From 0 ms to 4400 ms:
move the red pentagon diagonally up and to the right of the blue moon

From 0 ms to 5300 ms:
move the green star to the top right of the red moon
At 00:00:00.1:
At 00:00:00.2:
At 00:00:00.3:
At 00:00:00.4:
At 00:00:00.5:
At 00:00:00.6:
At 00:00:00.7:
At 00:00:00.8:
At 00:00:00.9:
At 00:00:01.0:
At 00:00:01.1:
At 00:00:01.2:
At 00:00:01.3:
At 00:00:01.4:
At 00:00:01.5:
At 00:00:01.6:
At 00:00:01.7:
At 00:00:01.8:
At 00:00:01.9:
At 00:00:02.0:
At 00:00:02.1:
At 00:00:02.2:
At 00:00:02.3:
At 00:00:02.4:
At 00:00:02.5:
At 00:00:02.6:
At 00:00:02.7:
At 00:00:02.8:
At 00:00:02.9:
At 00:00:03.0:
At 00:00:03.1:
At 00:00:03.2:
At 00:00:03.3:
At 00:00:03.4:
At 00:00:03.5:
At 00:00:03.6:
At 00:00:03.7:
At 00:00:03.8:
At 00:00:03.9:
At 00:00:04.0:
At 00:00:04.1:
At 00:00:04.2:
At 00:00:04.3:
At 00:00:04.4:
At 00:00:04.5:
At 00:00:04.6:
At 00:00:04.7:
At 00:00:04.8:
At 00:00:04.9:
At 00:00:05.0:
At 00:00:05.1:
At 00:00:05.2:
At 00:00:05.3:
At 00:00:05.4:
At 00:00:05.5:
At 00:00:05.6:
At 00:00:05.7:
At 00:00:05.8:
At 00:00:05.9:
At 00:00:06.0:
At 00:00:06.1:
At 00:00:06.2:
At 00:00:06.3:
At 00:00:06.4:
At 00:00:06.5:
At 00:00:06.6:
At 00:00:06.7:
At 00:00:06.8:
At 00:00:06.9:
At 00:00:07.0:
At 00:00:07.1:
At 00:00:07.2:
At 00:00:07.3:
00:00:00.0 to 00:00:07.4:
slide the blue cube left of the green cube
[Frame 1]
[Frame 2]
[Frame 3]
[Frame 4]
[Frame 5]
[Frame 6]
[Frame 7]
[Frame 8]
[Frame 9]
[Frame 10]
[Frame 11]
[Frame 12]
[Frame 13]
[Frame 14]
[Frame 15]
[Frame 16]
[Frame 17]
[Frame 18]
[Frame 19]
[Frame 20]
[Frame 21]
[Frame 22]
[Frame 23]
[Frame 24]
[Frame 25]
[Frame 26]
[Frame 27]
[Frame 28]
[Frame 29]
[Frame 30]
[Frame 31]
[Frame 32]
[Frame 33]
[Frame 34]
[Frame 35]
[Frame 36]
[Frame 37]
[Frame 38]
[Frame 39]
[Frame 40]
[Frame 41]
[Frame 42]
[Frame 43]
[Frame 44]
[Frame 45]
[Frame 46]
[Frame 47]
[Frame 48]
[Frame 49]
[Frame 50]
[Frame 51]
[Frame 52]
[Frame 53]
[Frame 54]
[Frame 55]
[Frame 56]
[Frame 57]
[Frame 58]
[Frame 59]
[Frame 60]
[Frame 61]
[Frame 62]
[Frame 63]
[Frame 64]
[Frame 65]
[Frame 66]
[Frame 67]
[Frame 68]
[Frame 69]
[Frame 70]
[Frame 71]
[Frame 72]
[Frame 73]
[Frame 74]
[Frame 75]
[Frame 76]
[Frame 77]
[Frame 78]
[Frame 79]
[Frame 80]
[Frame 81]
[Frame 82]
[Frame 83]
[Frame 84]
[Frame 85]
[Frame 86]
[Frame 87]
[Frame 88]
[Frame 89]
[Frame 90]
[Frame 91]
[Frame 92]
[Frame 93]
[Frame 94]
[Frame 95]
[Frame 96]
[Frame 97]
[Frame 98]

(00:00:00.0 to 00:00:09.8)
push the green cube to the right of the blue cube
════
- [Brief]: Nothing may be dropped or altered; repeat every record in full.

- [Finished task]:
From 0 ms to 4400 ms:
move the red pentagon diagonally up and to the right of the blue moon

From 0 ms to 5300 ms:
move the green star to the top right of the red moon
At 00:00:00.1:
At 00:00:00.2:
At 00:00:00.3:
At 00:00:00.4:
At 00:00:00.5:
At 00:00:00.6:
At 00:00:00.7:
At 00:00:00.8:
At 00:00:00.9:
At 00:00:01.0:
At 00:00:01.1:
At 00:00:01.2:
At 00:00:01.3:
At 00:00:01.4:
At 00:00:01.5:
At 00:00:01.6:
At 00:00:01.7:
At 00:00:01.8:
At 00:00:01.9:
At 00:00:02.0:
At 00:00:02.1:
At 00:00:02.2:
At 00:00:02.3:
At 00:00:02.4:
At 00:00:02.5:
At 00:00:02.6:
At 00:00:02.7:
At 00:00:02.8:
At 00:00:02.9:
At 00:00:03.0:
At 00:00:03.1:
At 00:00:03.2:
At 00:00:03.3:
At 00:00:03.4:
At 00:00:03.5:
At 00:00:03.6:
At 00:00:03.7:
At 00:00:03.8:
At 00:00:03.9:
At 00:00:04.0:
At 00:00:04.1:
At 00:00:04.2:
At 00:00:04.3:
At 00:00:04.4:
At 00:00:04.5:
At 00:00:04.6:
At 00:00:04.7:
At 00:00:04.8:
At 00:00:04.9:
At 00:00:05.0:
At 00:00:05.1:
At 00:00:05.2:
At 00:00:05.3:
At 00:00:05.4:
At 00:00:05.5:
At 00:00:05.6:
At 00:00:05.7:
At 00:00:05.8:
At 00:00:05.9:
At 00:00:06.0:
At 00:00:06.1:
At 00:00:06.2:
At 00:00:06.3:
At 00:00:06.4:
At 00:00:06.5:
At 00:00:06.6:
At 00:00:06.7:
At 00:00:06.8:
At 00:00:06.9:
At 00:00:07.0:
At 00:00:07.1:
At 00:00:07.2:
At 00:00:07.3:
00:00:00.0 to 00:00:07.4:
slide the blue cube left of the green cube
[Frame 1]
[Frame 2]
[Frame 3]
[Frame 4]
[Frame 5]
[Frame 6]
[Frame 7]
[Frame 8]
[Frame 9]
[Frame 10]
[Frame 11]
[Frame 12]
[Frame 13]
[Frame 14]
[Frame 15]
[Frame 16]
[Frame 17]
[Frame 18]
[Frame 19]
[Frame 20]
[Frame 21]
[Frame 22]
[Frame 23]
[Frame 24]
[Frame 25]
[Frame 26]
[Frame 27]
[Frame 28]
[Frame 29]
[Frame 30]
[Frame 31]
[Frame 32]
[Frame 33]
[Frame 34]
[Frame 35]
[Frame 36]
[Frame 37]
[Frame 38]
[Frame 39]
[Frame 40]
[Frame 41]
[Frame 42]
[Frame 43]
[Frame 44]
[Frame 45]
[Frame 46]
[Frame 47]
[Frame 48]
[Frame 49]
[Frame 50]
[Frame 51]
[Frame 52]
[Frame 53]
[Frame 54]
[Frame 55]
[Frame 56]
[Frame 57]
[Frame 58]
[Frame 59]
[Frame 60]
[Frame 61]
[Frame 62]
[Frame 63]
[Frame 64]
[Frame 65]
[Frame 66]
[Frame 67]
[Frame 68]
[Frame 69]
[Frame 70]
[Frame 71]
[Frame 72]
[Frame 73]
[Frame 74]
[Frame 75]
[Frame 76]
[Frame 77]
[Frame 78]
[Frame 79]
[Frame 80]
[Frame 81]
[Frame 82]
[Frame 83]
[Frame 84]
[Frame 85]
[Frame 86]
[Frame 87]
[Frame 88]
[Frame 89]
[Frame 90]
[Frame 91]
[Frame 92]
[Frame 93]
[Frame 94]
[Frame 95]
[Frame 96]
[Frame 97]
[Frame 98]

(00:00:00.0 to 00:00:09.8)
push the green cube to the right of the blue cube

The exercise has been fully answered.